» **DATA SUPPLIED**
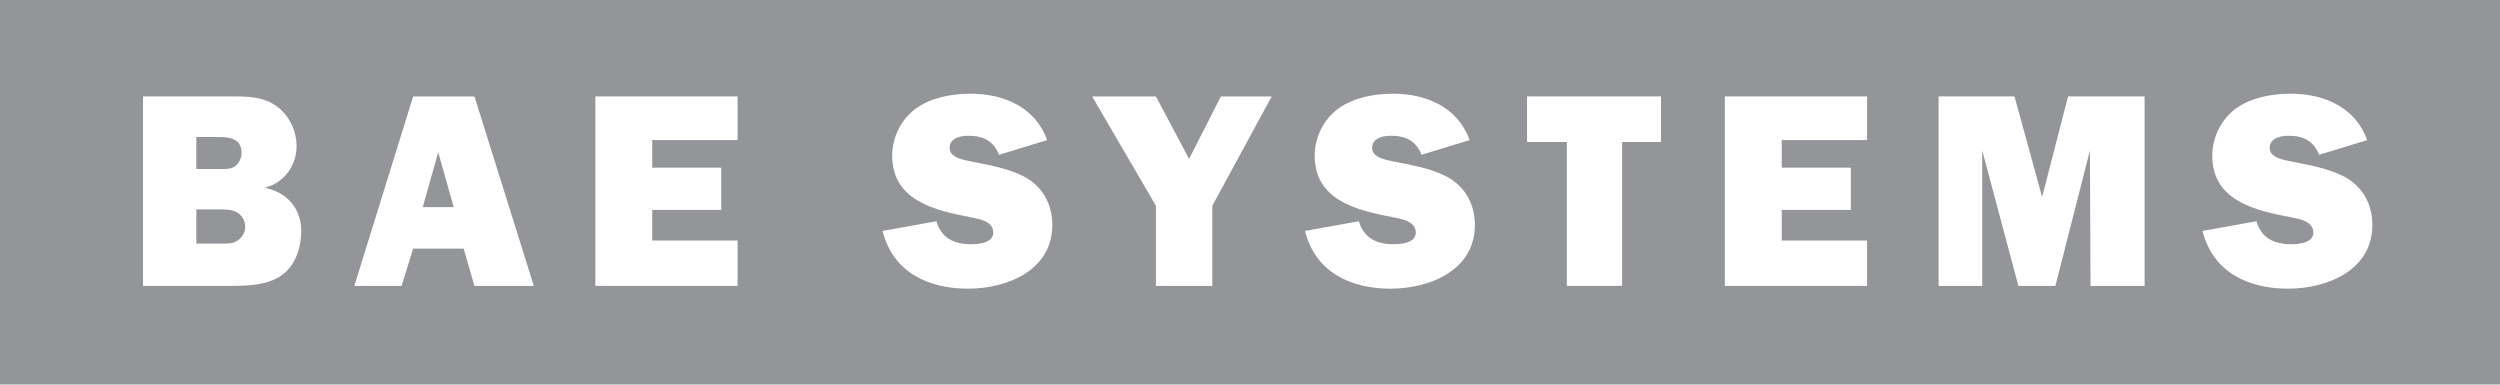 <?xml version="1.0" encoding="utf-8"?>
<!-- Generator: Adobe Illustrator 21.1.0, SVG Export Plug-In . SVG Version: 6.00 Build 0)  -->
<svg version="1.1" id="Layer_1" xmlns="http://www.w3.org/2000/svg" xmlns:xlink="http://www.w3.org/1999/xlink" x="0px" y="0px"
	 viewBox="0 0 3900.5 600" style="enable-background:new 0 0 3900.5 600;" xml:space="preserve">
<style type="text/css">
	.st0{fill:#939598;}
</style>
<g>
	<path class="st0" d="M0,0v600h3900.5V0H0z M439.9,429.2c-22.8,16.4-54.7,16.8-81.5,16.8H223.1V150.4h144.4
		c22.4,0,45.2,1.7,63.8,15.1c19.8,14.2,31.4,38.4,31.4,62.5c0,31-19.8,57.3-50,65.1c34.1,6,57.3,31.9,57.3,67.2
		C470,385.7,461,414.2,439.9,429.2z M740.2,446.1l-16.8-58.2h-78.8l-18.1,58.2h-73.7l91.8-295.6h95.7l92.6,295.6H740.2z
		 M1150.8,218.5h-133.2v43.1h107.7v65.9h-107.7v47.8h133.2v70.7H928.9V150.4h221.9V218.5z M1510.1,450.4
		c-62.1,0-117.2-25.9-133.1-90.1l84-15.1c7.7,26.3,27.5,35.8,53.8,35.8c11.6,0,34.9-1.7,34.9-18.1c0-18.1-22.9-21.5-36.2-24.1
		C1458,328,1392,312.9,1392,242.7c0-28.9,14.3-57.3,37.9-74.1c24.1-16.8,55.6-22.4,84.9-22.4c51.3,0,100.8,21.1,118.9,72.4l-75,22.9
		c-8.6-21.9-25-29.7-47.8-29.7c-12.1,0-29.3,3.4-29.3,18.9c0,15.5,21.5,18.5,32.7,21.1c28,5.6,57.7,10.4,83.6,23.7
		c28.9,15.5,43.9,43.1,43.9,75.4C1641.9,421.9,1571.3,450.4,1510.1,450.4z M1891.4,321.1v125h-87.9v-125l-99.5-170.6h99.5l51.7,97.4
		l49.6-97.4h79.3L1891.4,321.1z M2169.3,450.4c-62.1,0-117.2-25.9-133.2-90.1l84-15.1c7.8,26.3,27.6,35.8,53.9,35.8
		c11.7,0,34.9-1.7,34.9-18.1c0-18.1-22.9-21.5-36.2-24.1c-55.6-10.8-121.5-25.8-121.5-96.1c0-28.9,14.2-57.3,37.9-74.1
		c24.1-16.8,55.6-22.4,84.8-22.4c51.3,0,100.9,21.1,119,72.4l-75,22.9c-8.6-21.9-25-29.7-47.8-29.7c-12.1,0-29.3,3.4-29.3,18.9
		c0,15.5,21.6,18.5,32.7,21.1c28.1,5.6,57.8,10.4,83.6,23.7c28.9,15.5,44,43.1,44,75.4C2301.1,421.9,2230.5,450.4,2169.3,450.4z
		 M2591.6,221.5h-60.8v224.5h-86.2V221.5h-62.1v-71.1h209V221.5z M2913,218.5h-133.1v43.1h107.8v65.9h-107.8v47.8H2913v70.7h-221.9
		V150.4H2913V218.5z M3346,446.1h-84.4l-0.9-211.2l-53.9,211.2h-57.7l-56.4-211.2v211.2h-68.1V150.4H3143l43.1,156.9l40.5-156.9
		H3346V446.1z M3569.6,450.4c-62.1,0-117.2-25.9-133.2-90.1l84.1-15.1c7.7,26.3,27.5,35.8,53.9,35.8c11.6,0,34.9-1.7,34.9-18.1
		c0-18.1-22.9-21.5-36.2-24.1c-55.6-10.8-121.5-25.8-121.5-96.1c0-28.9,14.3-57.3,37.9-74.1c24.1-16.8,55.6-22.4,84.9-22.4
		c51.3,0,100.8,21.1,118.9,72.4l-75,22.9c-8.6-21.9-25-29.7-47.8-29.7c-12.1,0-29.3,3.4-29.3,18.9c0,15.5,21.6,18.5,32.7,21.1
		c28.1,5.6,57.7,10.4,83.6,23.7c28.8,15.5,43.9,43.1,43.9,75.4C3701.4,421.9,3630.8,450.4,3569.6,450.4z"/>
	<polygon class="st0" points="659.6,323.2 707.9,323.2 683.7,237.5 	"/>
	<path class="st0" d="M368.3,258.1c5.6-5.1,8.6-12.5,8.6-19.4c0-22-18.1-25-35.3-25h-35.3v50h36.6
		C351.5,263.8,361.9,264.2,368.3,258.1z"/>
	<path class="st0" d="M368.3,330.6c-7.8-3.9-18.1-3.9-26.3-3.9h-35.7v53.4h39.2c9.1,0,19,0.4,26.3-5.6c6.5-4.7,10.8-12.5,10.8-20.7
		C382.6,343.9,377,334.9,368.3,330.6z"/>
</g>
</svg>

» **ACTIVITY**
Of all the lines in the data above, show only those that hold the word "path".

» **ANSWER BOX**
	<path class="st0" d="M0,0v600h3900.5V0H0z M439.9,429.2c-22.8,16.4-54.7,16.8-81.5,16.8H223.1V150.4h144.4
	<path class="st0" d="M368.3,258.1c5.6-5.1,8.6-12.5,8.6-19.4c0-22-18.1-25-35.3-25h-35.3v50h36.6
	<path class="st0" d="M368.3,330.6c-7.8-3.9-18.1-3.9-26.3-3.9h-35.7v53.4h39.2c9.1,0,19,0.4,26.3-5.6c6.5-4.7,10.8-12.5,10.8-20.7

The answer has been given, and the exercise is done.